With every picture left out, give the data below back exactly.

▶ **Collected data entries**
********

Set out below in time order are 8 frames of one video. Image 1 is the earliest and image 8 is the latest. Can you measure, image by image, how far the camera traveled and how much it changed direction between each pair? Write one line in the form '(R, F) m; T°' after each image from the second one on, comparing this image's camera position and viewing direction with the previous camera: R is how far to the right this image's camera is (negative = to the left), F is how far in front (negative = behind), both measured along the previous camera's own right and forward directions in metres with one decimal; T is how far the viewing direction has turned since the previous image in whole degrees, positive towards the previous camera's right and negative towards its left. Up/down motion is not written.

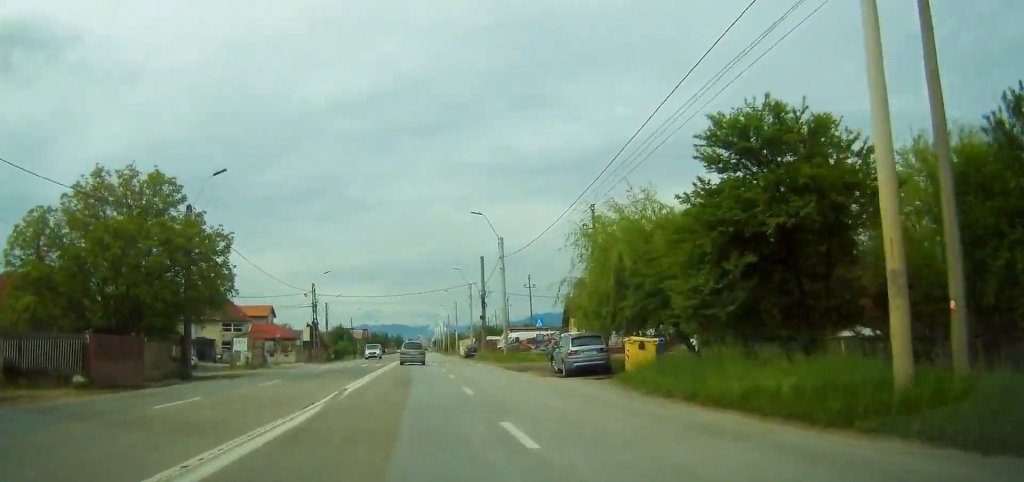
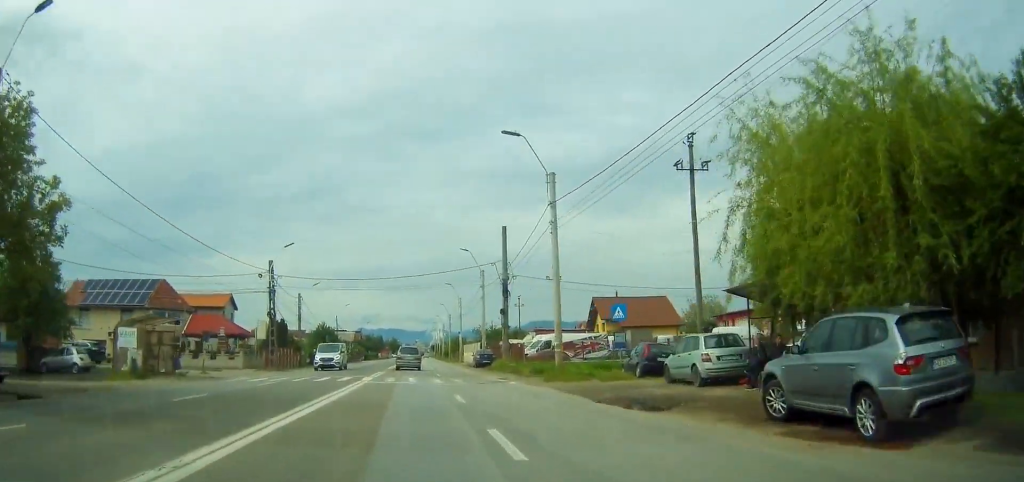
(0.0, +18.6) m; 0°
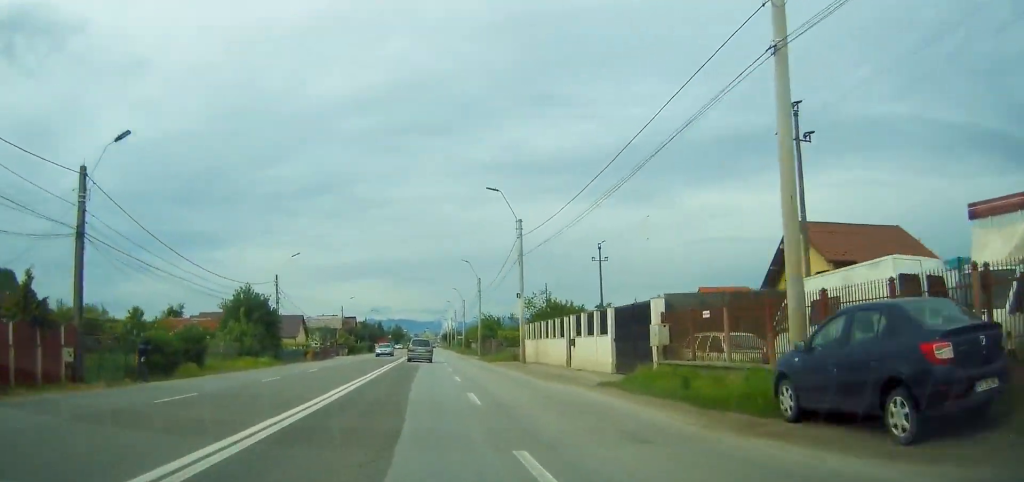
(-0.3, +49.9) m; -1°
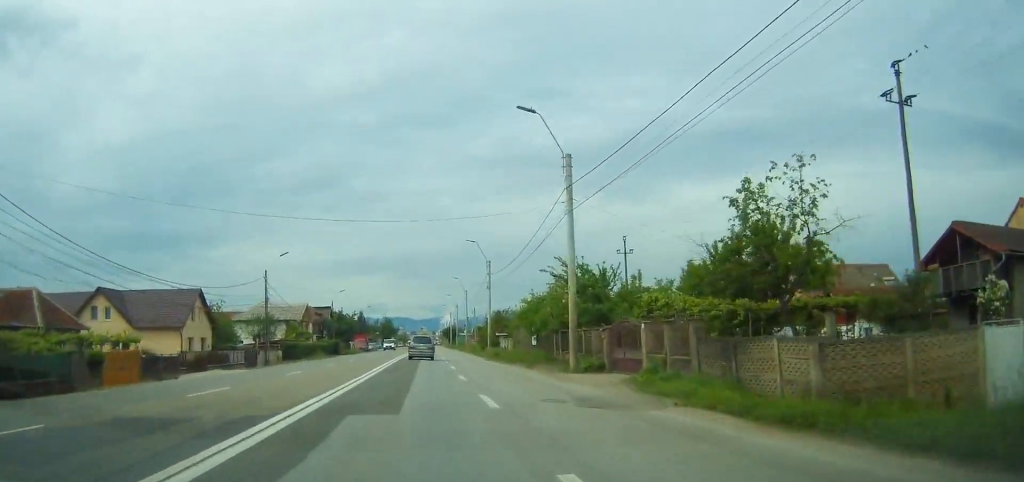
(-0.1, +47.3) m; 0°
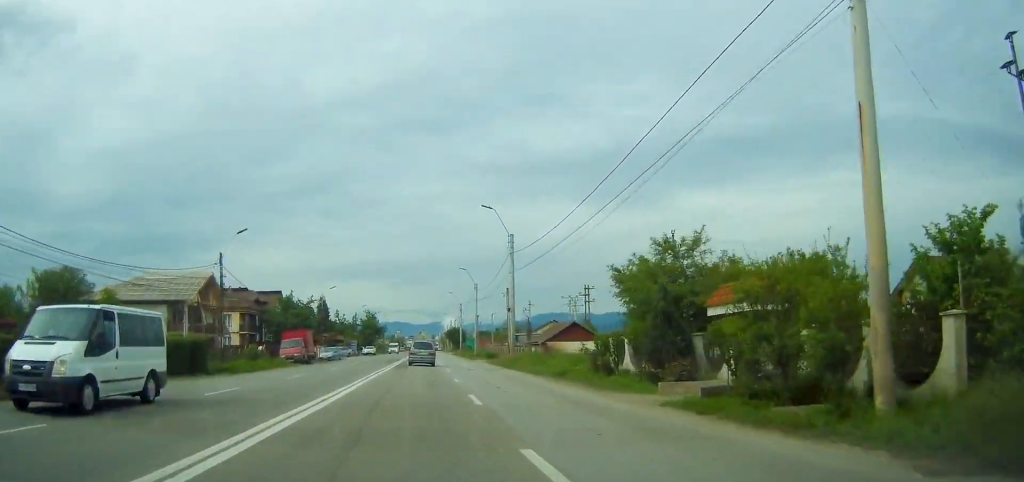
(+0.3, +53.0) m; 0°
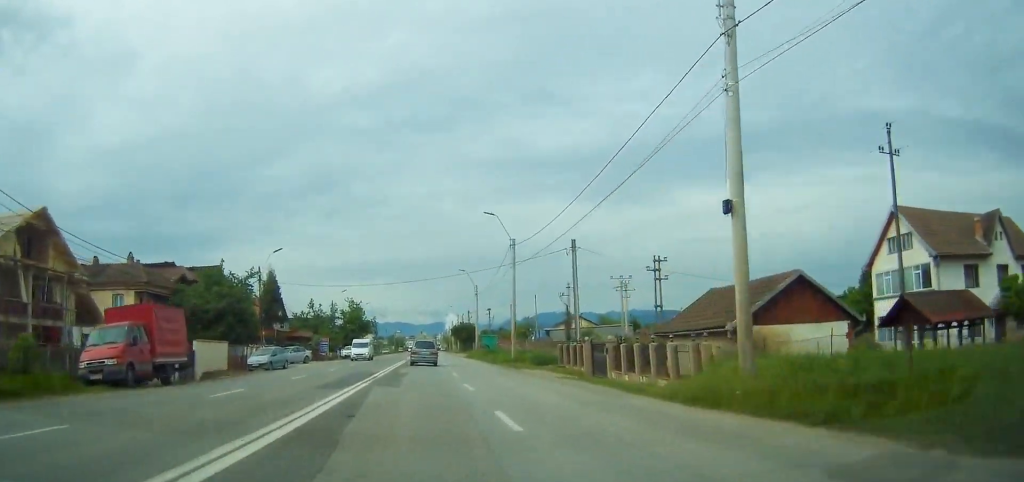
(0.0, +32.1) m; 0°
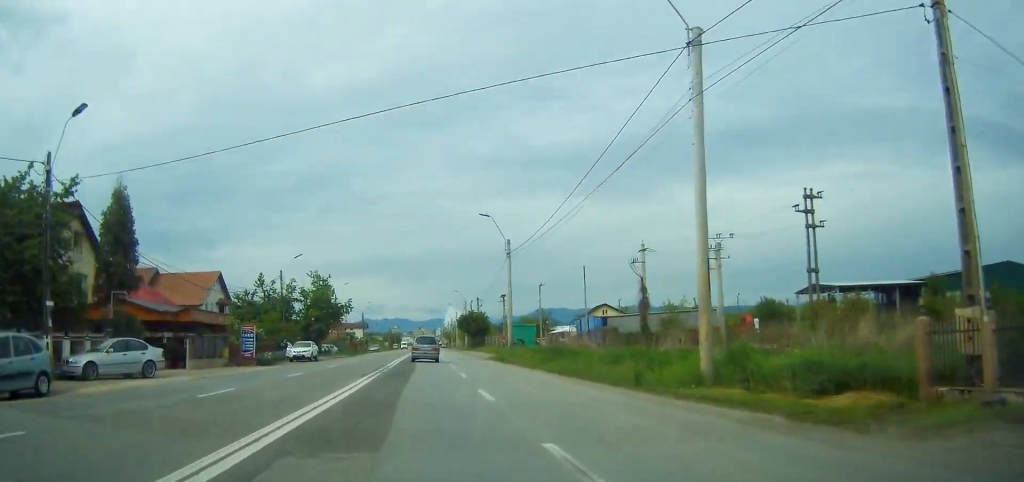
(0.0, +32.1) m; 0°
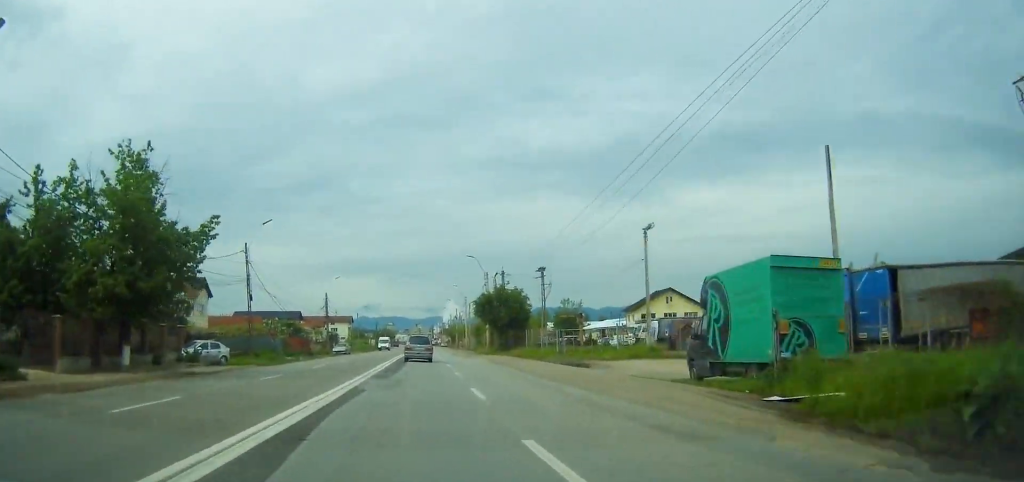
(+0.1, +45.2) m; 0°

********

▶ **Solution for this problem**
Set out below in time order are 8 frames of one video. Image 1 is the earliest and image 8 is the latest. Can you measure, image by image, how far the camera traveled and how much it changed direction between each pair? Write one line in the form '(R, F) m; T°' after each image from the second one on, comparing this image's camera position and viewing direction with the previous camera: R is how far to the right this image's camera is (negative = to the left), F is how far in front (negative = behind), both measured along the previous camera's own right and forward directions in metres with one decimal; T is how far the viewing direction has turned since the previous image in whole degrees, positive towards the previous camera's right and negative towards its left. Up/down motion is not written.

(0.0, +18.6) m; 0°
(-0.3, +49.9) m; -1°
(-0.1, +47.3) m; 0°
(+0.3, +53.0) m; 0°
(0.0, +32.1) m; 0°
(0.0, +32.1) m; 0°
(+0.1, +45.2) m; 0°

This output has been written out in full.